Copy each line in the data below that contains the word "text".

=== Task input ===

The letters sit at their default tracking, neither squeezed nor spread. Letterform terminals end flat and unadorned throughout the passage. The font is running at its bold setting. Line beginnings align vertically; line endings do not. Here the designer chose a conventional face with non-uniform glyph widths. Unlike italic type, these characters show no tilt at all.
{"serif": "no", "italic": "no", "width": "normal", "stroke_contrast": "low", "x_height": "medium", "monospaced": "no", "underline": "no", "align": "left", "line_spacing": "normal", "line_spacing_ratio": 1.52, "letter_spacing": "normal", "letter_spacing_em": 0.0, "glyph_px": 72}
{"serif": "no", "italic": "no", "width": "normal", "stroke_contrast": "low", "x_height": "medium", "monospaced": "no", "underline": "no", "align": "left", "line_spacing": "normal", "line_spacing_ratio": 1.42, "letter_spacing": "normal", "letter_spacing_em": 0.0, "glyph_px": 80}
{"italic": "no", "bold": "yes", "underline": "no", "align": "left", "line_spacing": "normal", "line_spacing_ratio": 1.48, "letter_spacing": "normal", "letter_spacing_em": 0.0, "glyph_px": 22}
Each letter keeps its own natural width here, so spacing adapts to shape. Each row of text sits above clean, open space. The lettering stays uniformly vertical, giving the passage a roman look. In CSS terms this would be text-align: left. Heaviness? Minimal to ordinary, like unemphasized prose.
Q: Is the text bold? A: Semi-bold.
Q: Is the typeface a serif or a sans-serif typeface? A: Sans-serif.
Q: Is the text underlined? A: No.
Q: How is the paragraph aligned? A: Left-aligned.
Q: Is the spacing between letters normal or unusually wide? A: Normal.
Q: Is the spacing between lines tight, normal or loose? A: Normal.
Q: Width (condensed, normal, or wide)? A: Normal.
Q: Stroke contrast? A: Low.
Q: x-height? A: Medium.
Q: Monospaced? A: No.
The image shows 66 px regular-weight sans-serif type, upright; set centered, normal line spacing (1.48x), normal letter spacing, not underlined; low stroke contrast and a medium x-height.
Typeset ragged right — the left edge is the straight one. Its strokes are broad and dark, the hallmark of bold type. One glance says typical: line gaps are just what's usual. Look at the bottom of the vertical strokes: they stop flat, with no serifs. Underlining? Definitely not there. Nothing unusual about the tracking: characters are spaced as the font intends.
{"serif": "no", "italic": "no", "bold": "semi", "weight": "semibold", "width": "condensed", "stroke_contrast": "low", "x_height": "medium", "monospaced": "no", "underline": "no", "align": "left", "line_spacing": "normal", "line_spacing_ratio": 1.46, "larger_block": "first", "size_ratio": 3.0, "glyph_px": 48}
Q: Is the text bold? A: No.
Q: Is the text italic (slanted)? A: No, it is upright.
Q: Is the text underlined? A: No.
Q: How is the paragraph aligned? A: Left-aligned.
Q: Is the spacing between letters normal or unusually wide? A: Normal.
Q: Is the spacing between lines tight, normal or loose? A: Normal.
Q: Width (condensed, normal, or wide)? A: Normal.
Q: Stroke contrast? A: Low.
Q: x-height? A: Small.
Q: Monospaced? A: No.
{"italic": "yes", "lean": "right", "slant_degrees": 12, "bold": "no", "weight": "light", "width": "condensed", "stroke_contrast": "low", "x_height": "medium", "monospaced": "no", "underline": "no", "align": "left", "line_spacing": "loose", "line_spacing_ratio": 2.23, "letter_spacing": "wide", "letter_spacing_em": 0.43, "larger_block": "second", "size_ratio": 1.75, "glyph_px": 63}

===

● Written solution
Each letter keeps its own natural width here, so spacing adapts to shape. Each row of text sits above clean, open space. The lettering stays uniformly vertical, giving the passage a roman look. In CSS terms this would be text-align: left. Heaviness? Minimal to ordinary, like unemphasized prose.
Q: Is the text bold? A: Semi-bold.
Q: Is the text underlined? A: No.
Q: Is the text bold? A: No.
Q: Is the text italic (slanted)? A: No, it is upright.
Q: Is the text underlined? A: No.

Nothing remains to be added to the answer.